Still, the lines separating the current roles such as system analysis, architecture and engineering are going to be more blurry, time is going to show how this would change, focusing more on domain knowledge and experience, I just ignore this as a hype side effect for now.

How Computer Science education is going to change?

Computer science education is about to change more in the next decade than it has in the last fifty years — and the shift is deep, structural, and long overdue. 

While coding is still valid, it should shift more towards creative thinking vs syntax.

Computer science programs are about to shift dramatically. Instead of focusing on memorizing syntax and writing code from scratch, education will move toward systems thinking, architecture, and problem‑solving at a higher level. AI becomes the new baseline, so students will learn how to evaluate models, design prompts, build data pipelines, and understand multi‑agent systems.

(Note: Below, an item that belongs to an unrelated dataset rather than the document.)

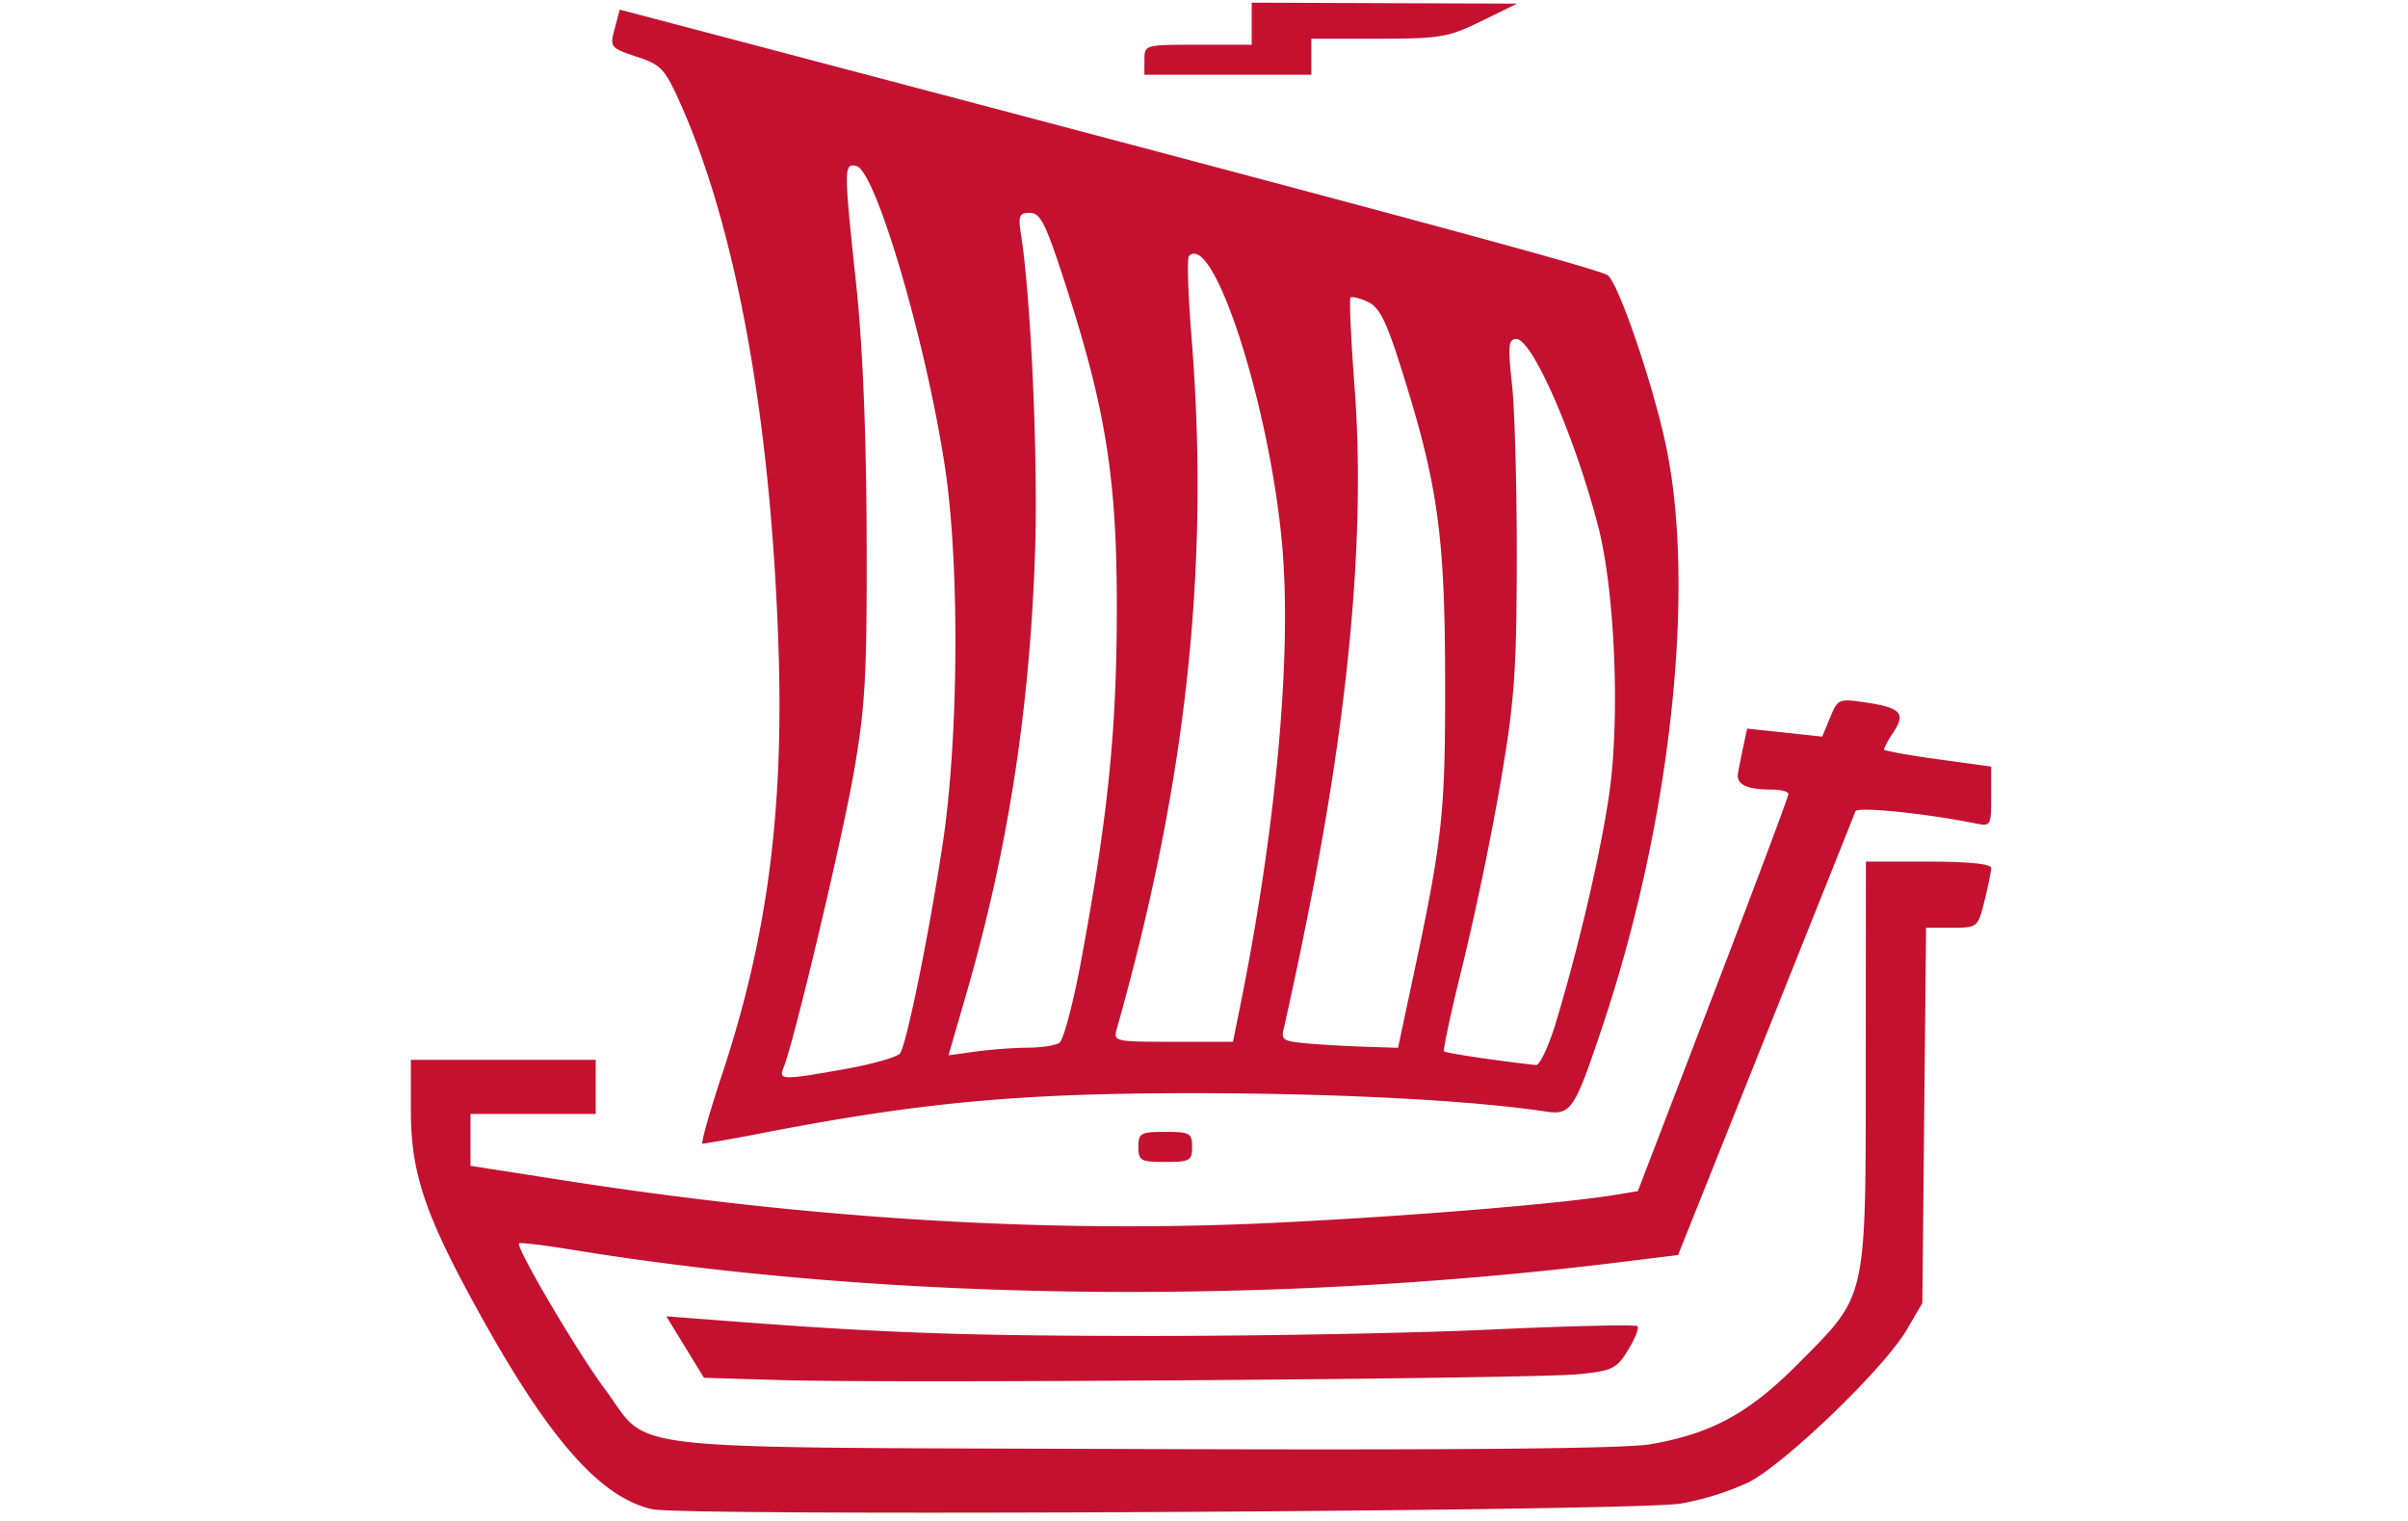 <svg viewBox="0 0 38 24" xmlns="http://www.w3.org/2000/svg" width="38" height="24" role="img" aria-labelledby="pi-krediidipank"><title id="pi-krediidipank">Krediidipank</title><path fill="#fff" stroke-width=".431" d="M0 0h38v24H0z"/><path d="M18.06.943c0-.236.004-.237.846-.237h.847V.042l2.094.008 2.094.007-.565.277c-.522.255-.645.276-1.623.277h-1.059v.569h-2.635zm1.498 14.998c.579-2.846.832-5.613.674-7.353-.198-2.197-1.084-4.936-1.469-4.548-.034.033-.013.626.043 1.32.285 3.587-.084 6.99-1.18 10.866-.059.21-.05.213.886.213h.945zm2.711-.379c.5-2.331.54-2.692.536-4.857-.004-2.29-.117-3.084-.71-4.946-.224-.706-.332-.915-.513-.998-.127-.058-.248-.087-.27-.065-.021.023.007.659.064 1.414.175 2.292-.085 5.143-.778 8.528a65.225 65.225 0 0 1-.337 1.582c-.05.187-.017.21.353.244.225.02.643.044.928.053l.52.017zm-6.055.97c.212 0 .439-.035.503-.076.064-.04.22-.626.345-1.301.42-2.262.558-3.602.562-5.493.005-2.084-.165-3.172-.8-5.141-.32-.991-.403-1.162-.57-1.162-.173 0-.189.041-.14.356.157 1.005.27 3.562.22 5-.085 2.498-.43 4.71-1.093 6.996l-.273.941.43-.059c.236-.032.603-.06.816-.06zm8.34-.401c.36-1.182.728-2.768.848-3.658.164-1.205.078-3.166-.182-4.169-.367-1.414-1.039-2.954-1.29-2.954-.127 0-.136.097-.068.734.043.404.076 1.652.074 2.773-.005 1.787-.038 2.224-.267 3.553a47.42 47.42 0 0 1-.59 2.829c-.18.722-.31 1.33-.29 1.35.029.03.816.147 1.449.217.06.007.202-.297.317-.675zm-11.207.736c.437-.078.824-.19.86-.25.107-.172.46-1.912.67-3.306.251-1.652.268-4.391.038-5.923-.3-1.993-1.1-4.71-1.404-4.77-.196-.039-.196.026.001 1.879.102.959.159 2.341.164 3.98.007 2.19-.021 2.665-.2 3.698-.188 1.078-.946 4.265-1.109 4.667-.083.204-.038.206.982.025zm-1.96.111c.723-2.178.986-4.167.897-6.794-.12-3.581-.67-6.603-1.56-8.58-.233-.518-.295-.584-.68-.71C9.63.755 9.622.745 9.7.452l.08-.3 1.057.278c11.333 2.987 14.44 3.825 14.54 3.918.188.174.748 1.841.93 2.768.449 2.27.047 5.877-1.005 9.038-.459 1.375-.506 1.446-.92 1.384-1.172-.177-3.32-.288-5.57-.288-2.7.001-4.25.143-6.71.615a28.12 28.12 0 0 1-1.015.184c-.03 0 .104-.482.3-1.072zm6.578 1.12c0-.218.034-.237.423-.237.39 0 .424.02.424.237s-.034.237-.424.237c-.388 0-.423-.02-.423-.237zm-5.616 3.68l-1.24-.037-.297-.485-.297-.485.878.067c2.538.196 3.794.241 6.712.243 1.76.001 4.208-.044 5.441-.102 1.234-.057 2.266-.08 2.294-.052.03.028-.038.197-.147.375-.183.298-.246.328-.788.383-.7.071-10.78.146-12.557.093zm-2.054 2.037c-.856-.19-1.703-1.183-2.897-3.398-.711-1.318-.914-1.96-.914-2.89v-.803h2.917v.853H7.425v.819l1.388.217c3.99.626 7.766.854 11.303.682 2.114-.102 4.525-.3 5.39-.443l.34-.056 1.189-3.098c.653-1.703 1.188-3.13 1.188-3.168 0-.04-.124-.071-.275-.071-.393 0-.556-.084-.52-.267.016-.088.055-.28.086-.428l.057-.267.592.063.593.064.125-.302c.12-.293.136-.3.556-.238.555.081.64.17.446.466a1.479 1.479 0 0 0-.155.276c0 .02.381.09.847.154l.847.116v.473c0 .466-.004.473-.259.422-.784-.157-1.853-.265-1.882-.19-.017.046-.655 1.64-1.416 3.543l-1.384 3.46-.894.11c-5.572.692-11.571.62-16.562-.194-.44-.072-.815-.117-.834-.1-.059.054.926 1.726 1.35 2.293.755 1.009-.038.92 8.47.952 5.023.018 7.628-.006 8.03-.075.967-.167 1.557-.488 2.332-1.268 1.1-1.108 1.068-.966 1.07-4.727l.002-3.199h.988c.632 0 .988.036.988.1 0 .055-.047.29-.105.521-.104.418-.11.422-.513.422h-.408l-.03 2.961-.029 2.962-.25.427c-.354.603-1.915 2.107-2.49 2.4a4.383 4.383 0 0 1-1.082.338c-.764.121-15.709.202-16.222.088z" fill="#c51130" stroke-width=".076"/></svg>

Project‑based learning will take center stage. Students will spend more time integrating AI components, validating outputs, and iterating on real systems — not grinding through boilerplate assignments.

Conclusion: Engineering Becomes More About Direction Than Execution

AI does not diminish the importance of software engineers—it changes where they create leverage. As automation expands, human responsibility concentrates around direction, interpretation, and innovation.

In this environment, the strongest engineers increasingly operate as:

• Strategists
• Behavior designers
• Domain experts
• Guardians of safety and ethics

The profession is not going away. It is evolving into one of the most consequential roles of the intelligence age—because building reliable, responsible systems still requires human judgment, and we must learn how to adapt.